2.1.2. Crater Annotation Rules

Detecting small lunar craters presents several challenges, particularly in creating precise annotations. The complex terrain and texture of the lunar surface often obscure small craters, making them difficult to distinguish from the background. Additionally, variations in lighting conditions and viewing angles introduce shadow effects that blur crater edges, further complicating detection. Geological processes such as lava infill, fracturing, and collapse can distort crater shapes, leading to stacked or conjoined craters. Moreover, similar geological features like mountains, valleys, and cliffs can introduce ambiguity in accurate annotation.
To address these challenges, we developed detailed annotation guidelines encompassing crater definitions, boundary determination, and specific annotation criteria to ensure a high-quality dataset of small lunar craters. Craters were categorized into three classes (Figure 2):
  • Class A (Definite craters): Craters with clear boundaries and well-preserved morphology.
  • Class B (Probable craters): Craters with ambiguous boundaries, requiring subjective interpretation.
  • Class C (Non-craters): Geological features that are definitively not craters.
To minimize variability and improve consistency in annotations, we focused exclusively on Class A craters, eliminating potential inconsistencies caused by subjective labeling. This approach ensured reliable and consistent data to enhance the accuracy and efficiency of model training.
The process of crater annotation usually involves the following steps: First, representative images were divided into smaller tiles of 1280×1280 pixels, with approximately 900 tiles generated from each image. Next, high-density crater images with clear boundaries and diverse crater types were selected and categorized into four groups: polar regions, high-latitude highlands, mid-low latitude highlands, and lunar mare regions, with no fewer than 500 images per group. Finally, only craters with diameters between 25 and 300 pixels were annotated using the Labelme software, and detailed information about their size and location was recorded.

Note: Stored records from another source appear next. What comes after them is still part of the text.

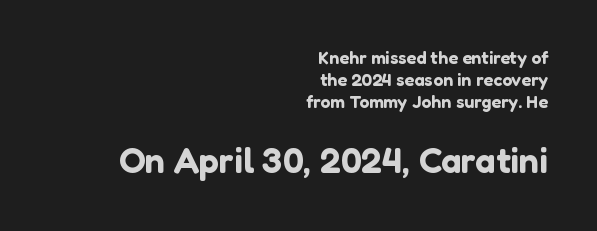
{"serif": "no", "italic": "no", "width": "normal", "stroke_contrast": "low", "x_height": "medium", "monospaced": "no", "underline": "no", "align": "right", "line_spacing_ratio": 1.23, "letter_spacing": "normal", "letter_spacing_em": 0.0, "larger_block": "second", "size_ratio": 2.0, "glyph_px": 36}
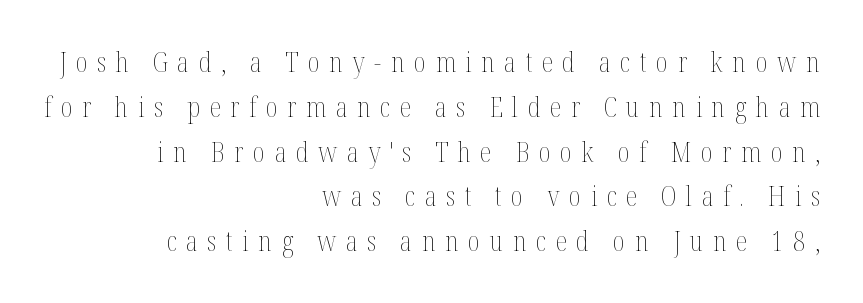
Vertical strokes here are truly vertical. Tracking value appears strongly positive — letters spread wide. Stroke mass is kept to a normal reading level or below. Layout note: lines flush right. Decoration check: the copy has no underline. What's the leading like? Ordinary, nothing unusual.
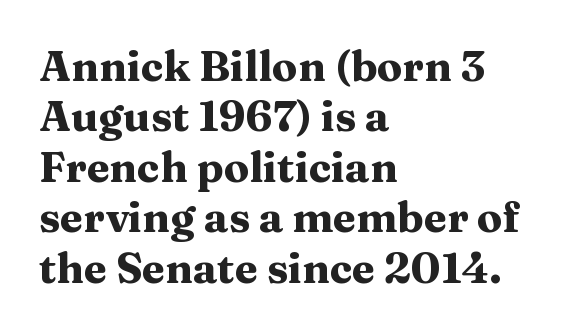
{"serif": "yes", "italic": "no", "bold": "yes", "weight": "heavy", "width": "wide", "stroke_contrast": "medium", "x_height": "medium", "monospaced": "no", "underline": "no", "align": "left", "line_spacing_ratio": 1.2, "letter_spacing": "normal", "letter_spacing_em": 0.0, "glyph_px": 42}
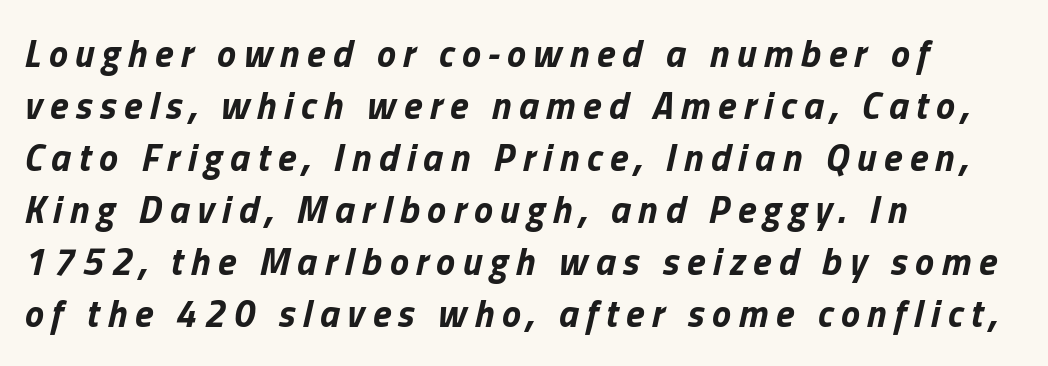
The image shows 38 px bold type, italic (leaning right); set left-aligned, normal line spacing (1.37x), unusually wide letter spacing (+0.2 em), not underlined; low stroke contrast and a medium x-height.
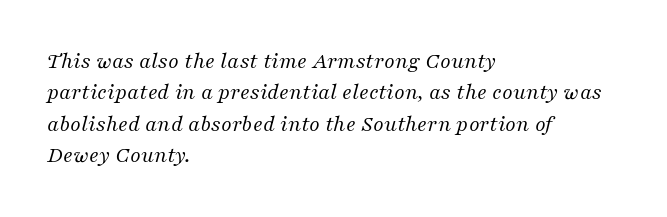
The image shows 23 px text type, italic (leaning right); set left-aligned, normal line spacing (1.36x), normal letter spacing, not underlined.
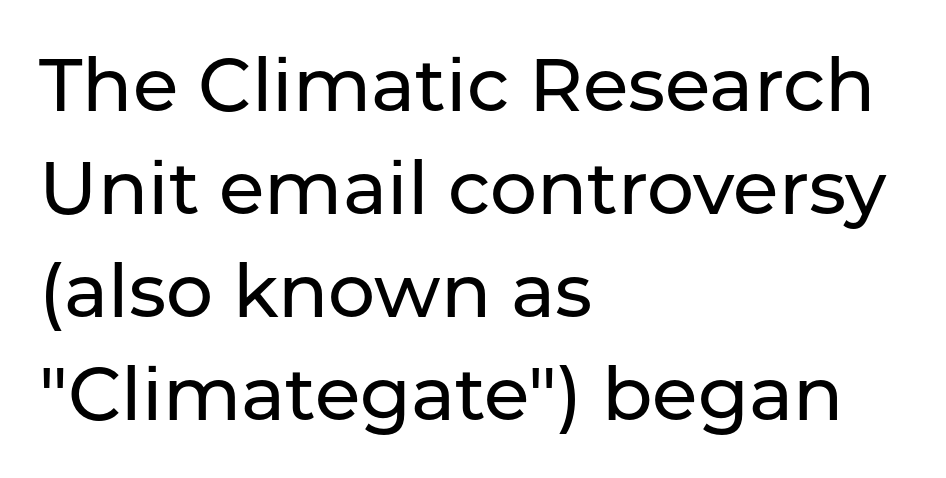
{"serif": "no", "italic": "no", "width": "normal", "stroke_contrast": "low", "x_height": "medium", "monospaced": "no", "underline": "no", "align": "left", "line_spacing": "normal", "line_spacing_ratio": 1.39, "letter_spacing": "normal", "letter_spacing_em": 0.0, "glyph_px": 74}
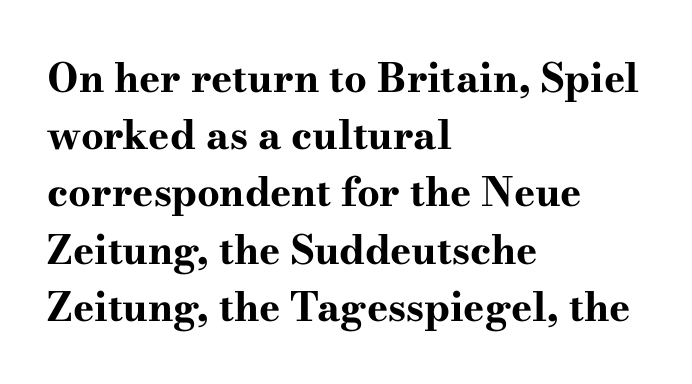
Regular leading. What stands out about the letter spacing? Nothing — it is the standard amount. This is serif lettering, the kind often seen in printed books. A typesetter would call this proportional, since set widths differ per character. The ragged edge is on the right, which tells us the setting is flush left.
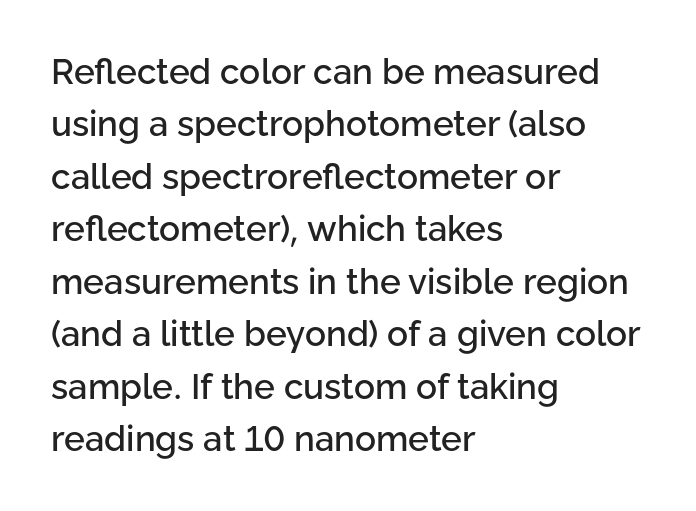
{"serif": "no", "italic": "no", "width": "normal", "stroke_contrast": "low", "x_height": "medium", "monospaced": "no", "underline": "no", "align": "left", "line_spacing": "normal", "line_spacing_ratio": 1.5, "letter_spacing": "normal", "letter_spacing_em": 0.0, "glyph_px": 35}

2.1.3. Sample Synthesis and Data Augmentation

In deep learning, data augmentation serves as an effective strategy to overcome the challenges posed by limited training data, data imbalance, and low-quality data, ultimately enhancing model accuracy [30,31,32]. The key innovation of this study lies in synthesizing a diverse and high-quality training dataset from a limited number of manually labeled samples. By combining manual annotations with advanced image processing techniques, such as Poisson Image Editing [33] and the Copy-Paste data augmentation method [34], we significantly expanded the dataset size and effectively improved the model’s generalization ability.
In the data augmentation strategy, annotated lunar crater images were utilized to generate a set of lunar crater images (denoted as L), while images with fewer craters were employed to form the background image set (denoted as B). This segmentation approach ensures the diversity of the background, capturing a wide range of lunar terrains. Subsequently, Poisson image editing was applied, where craters from the set L were extracted as source objects, and regions from the background set B provided the varied lunar terrains for the target. The gradient field for each crater was computed using the Poisson equation, capturing the texture and intensity variations. This gradient field was then fused with the target background's gradient field, ensuring seamless transitions between the crater's edges and the surrounding terrain. The fused gradient field was solved using least-squares optimization, producing augmented images with minimal visual discontinuities. This methodology effectively generates realistic augmented images that closely resemble real-world lunar scenarios. Both Poisson Image Editing and Image Segmentation methods are used for data augmentation. Poisson Image Editing is particularly employed to ensure a seamless transition between the target object and the background after replacement, avoiding visible boundary artifacts. As shown in the Figure 3 below.
Our comparative experiments showed that Poisson Image Editing significantly outperforms other augmentation strategies [12,35,36], such as CutMix and MixUp, in terms of improving model robustness and generalization, the results are listed in Section 4.3.2.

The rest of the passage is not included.